Não é à toa que o assédio moral, sexual e/ou psicológico, nos mais diferentes ambientes da sociedade, dão materialidade ao desrespeito às mulheres. O que significa que, apesar de todos os seus esforços e lutas para se tornarem protagonistas da sua história, na verdade, elas permanecem tão objetificadas quanto no tempo das cavernas. Sim, porque as violências contemporâneas não são menos ofensivas e brutais.

Infelizmente, “Temos um mundo cheio de mulheres que não conseguem respirar livremente porque estão condicionadas demais a assumir formas que agradem aos outros” (Chimamanda Ngozi Adichie). Em uma tentativa desesperada de evitar o desrespeito e suas terríveis consequências. Contudo, isso não adianta. Nem tampouco muda o fato de que “A pessoa mais qualificada para liderar não é a pessoa fisicamente mais forte. É a mais inteligente, a mais culta, a mais criativa, a mais inovadora. E não existem hormônios para esses atributos” (Chimamanda Ngozi Adichie).

Ah, não se engane em pensar que o desrespeito só chega pelas mãos dos homens! O desrespeito também aponta para a falta de sororidade, ou seja, o sentimento que une mulheres por uma rede de solidariedade, empatia, proteção e companheirismo.
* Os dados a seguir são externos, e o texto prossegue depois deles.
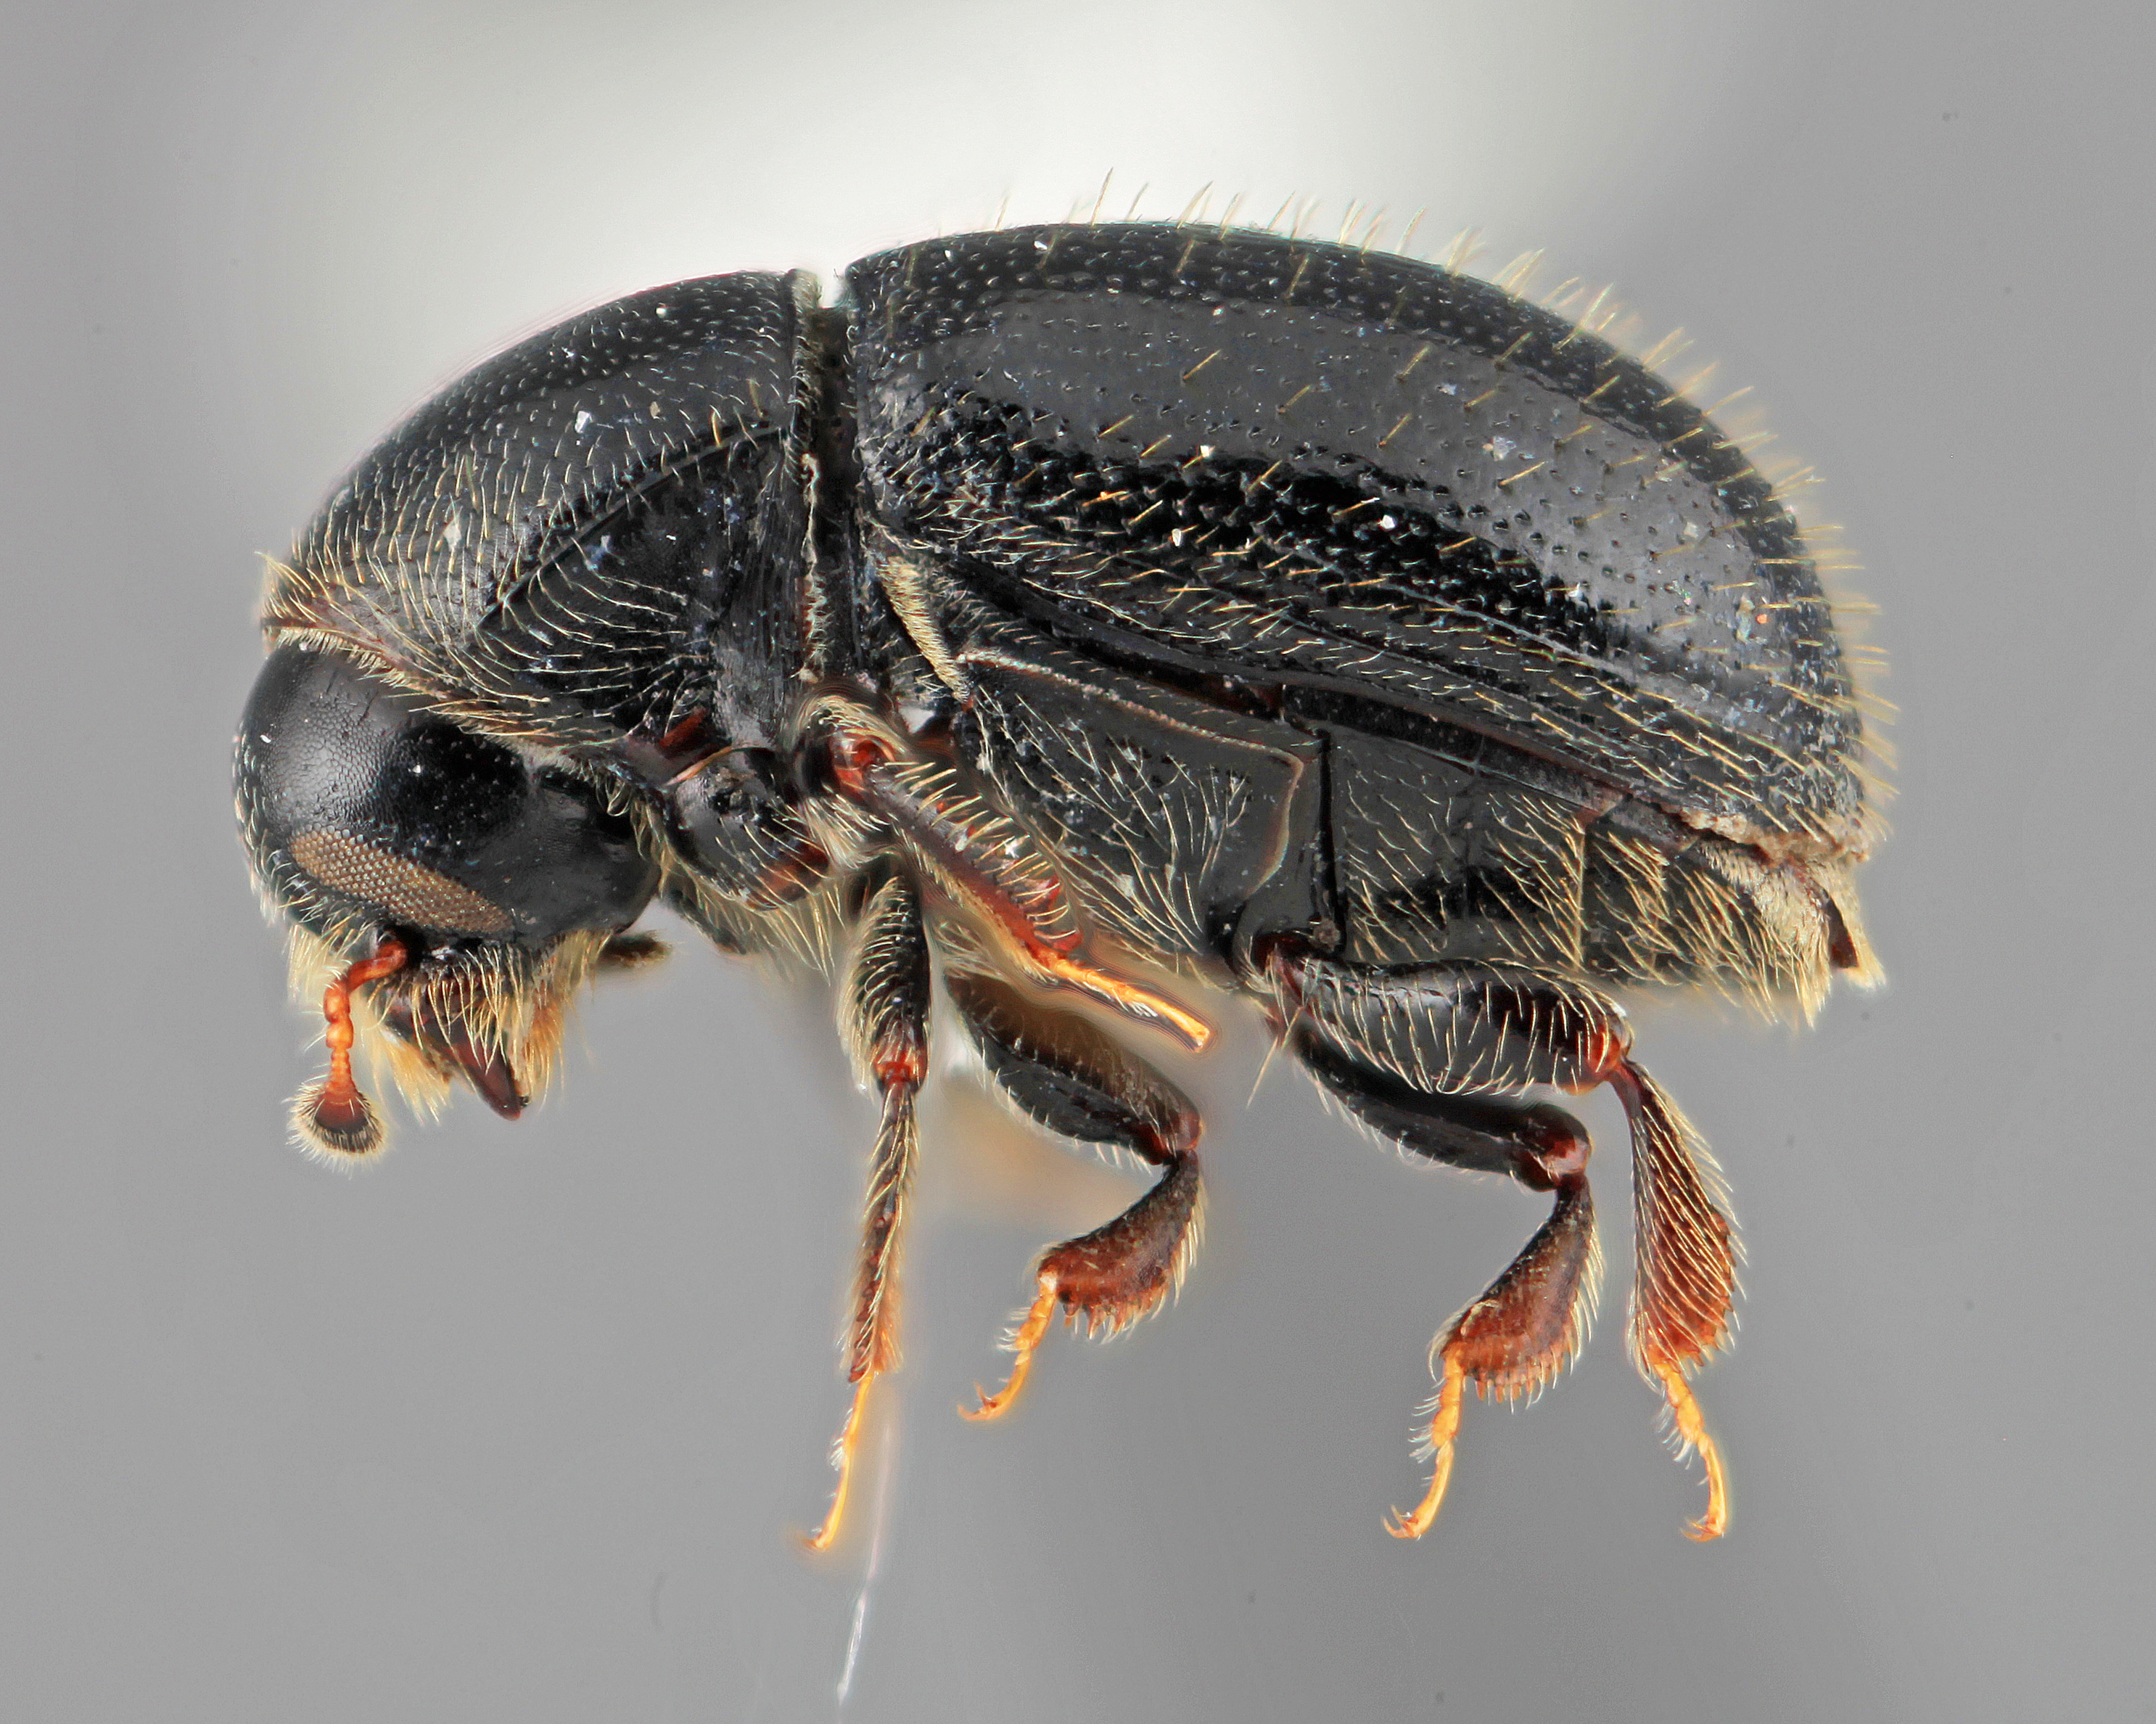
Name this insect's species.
Scolytodes festus
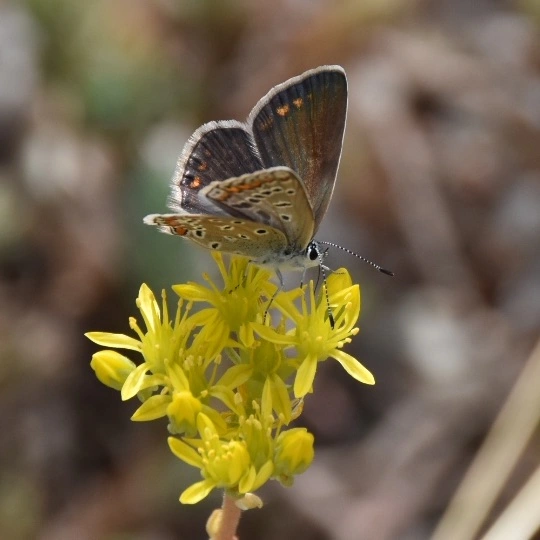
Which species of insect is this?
Polyommatus icarus
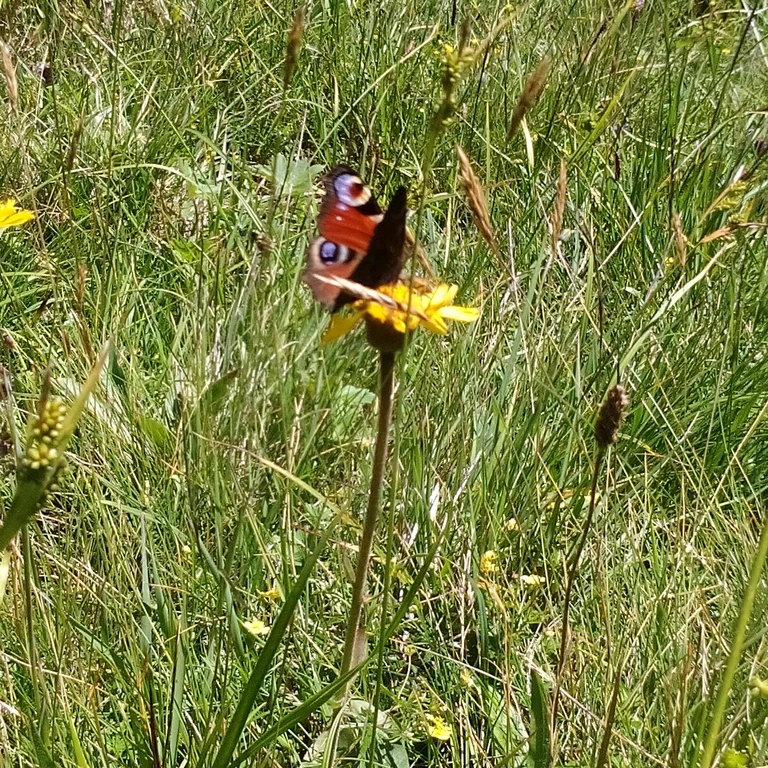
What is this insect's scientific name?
Aglais io
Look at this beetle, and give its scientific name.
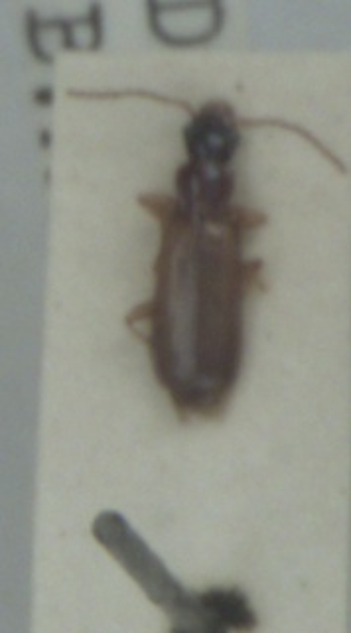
Paradromius linearis
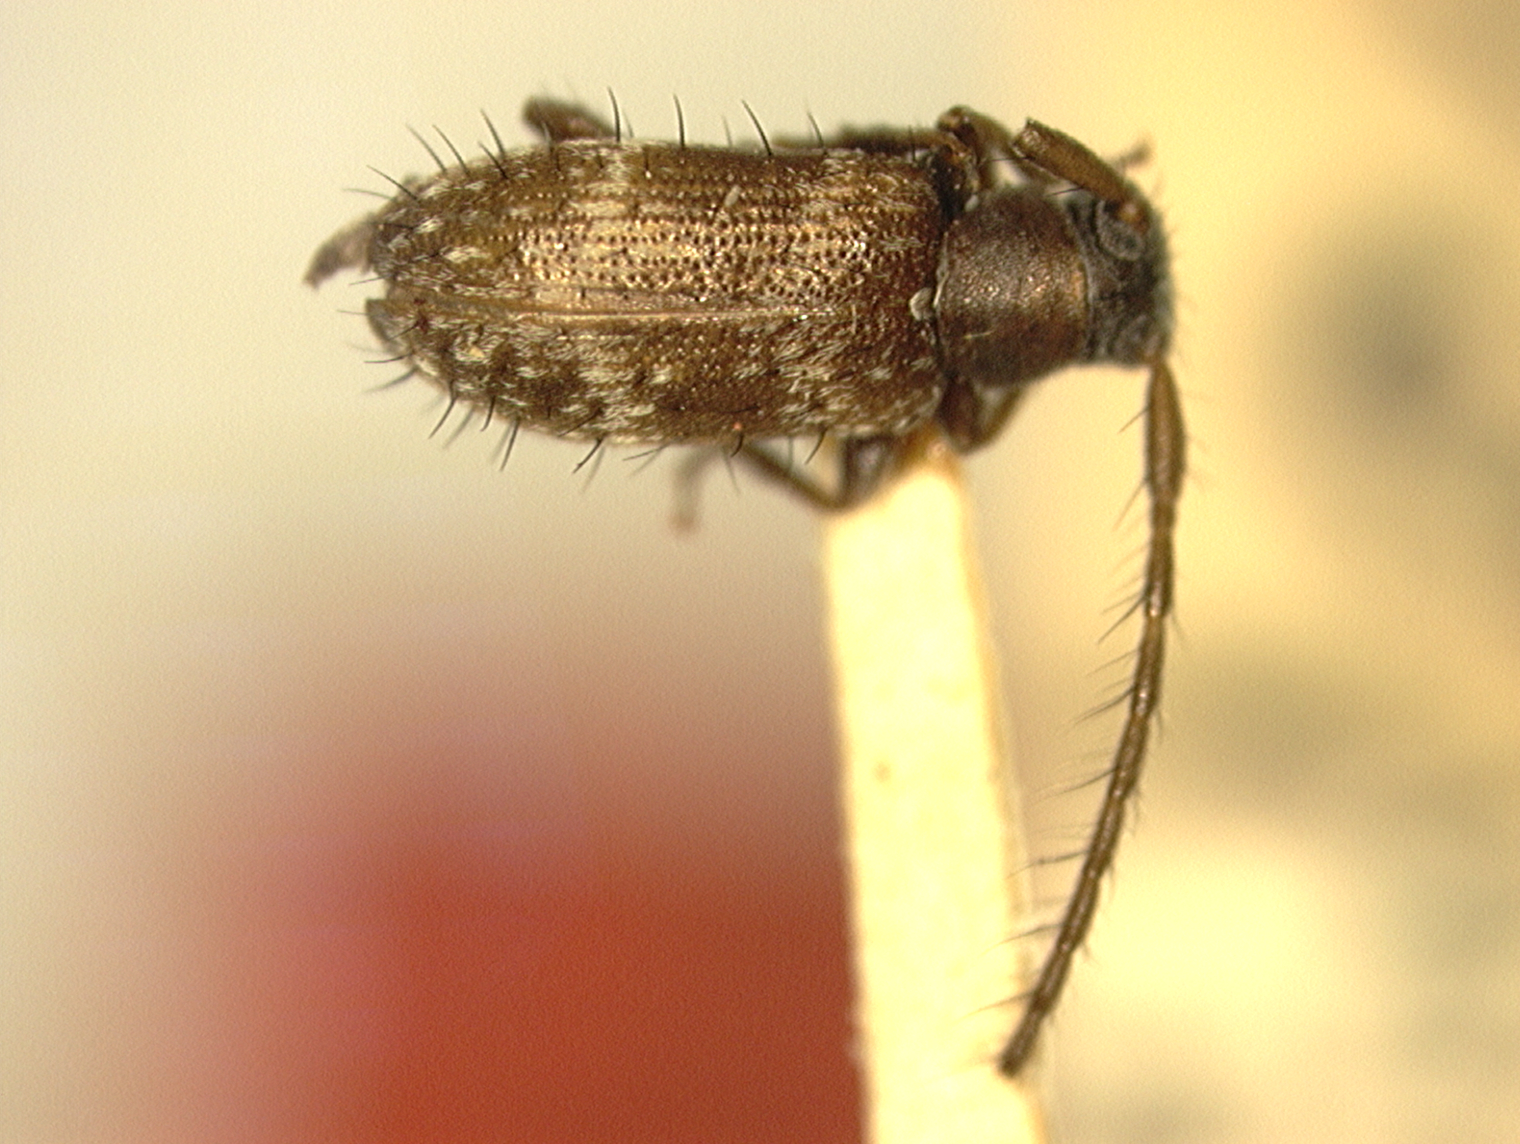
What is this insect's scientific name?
Exocentrus angusticollis
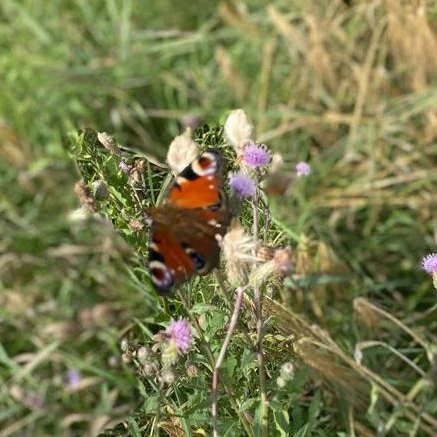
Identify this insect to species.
Aglais io
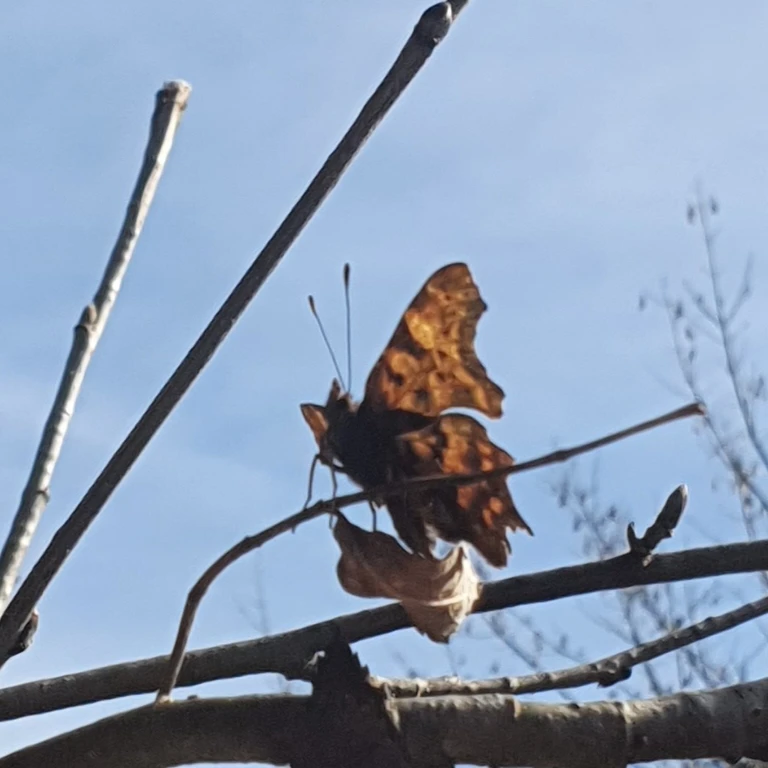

Muitas não se dão conta de que “A linguagem é o repositório de nossos preconceitos, de nossas crenças, de nossos pressupostos” (Chimamanda Ngozi Adichie), e saem, por aí, legitimando o discurso de certos homens.

Por isso, o melhor presente para uma mulher é o respeito. 365 dias por ano. Um respeito comunicado em atos e palavras. Um respeito que abraça, que acolhe, que a faz sentir importante. Um respeito que nutre as suas emoções e sentimentos. Lembre-se de que “Nada é mais depreciável que o respeito baseado no medo” (Albert Camus). Já dizia Santo Agostinho, “Na essência somos iguais, nas diferenças nos respeitamos”; visto que, não há razão para não ser assim.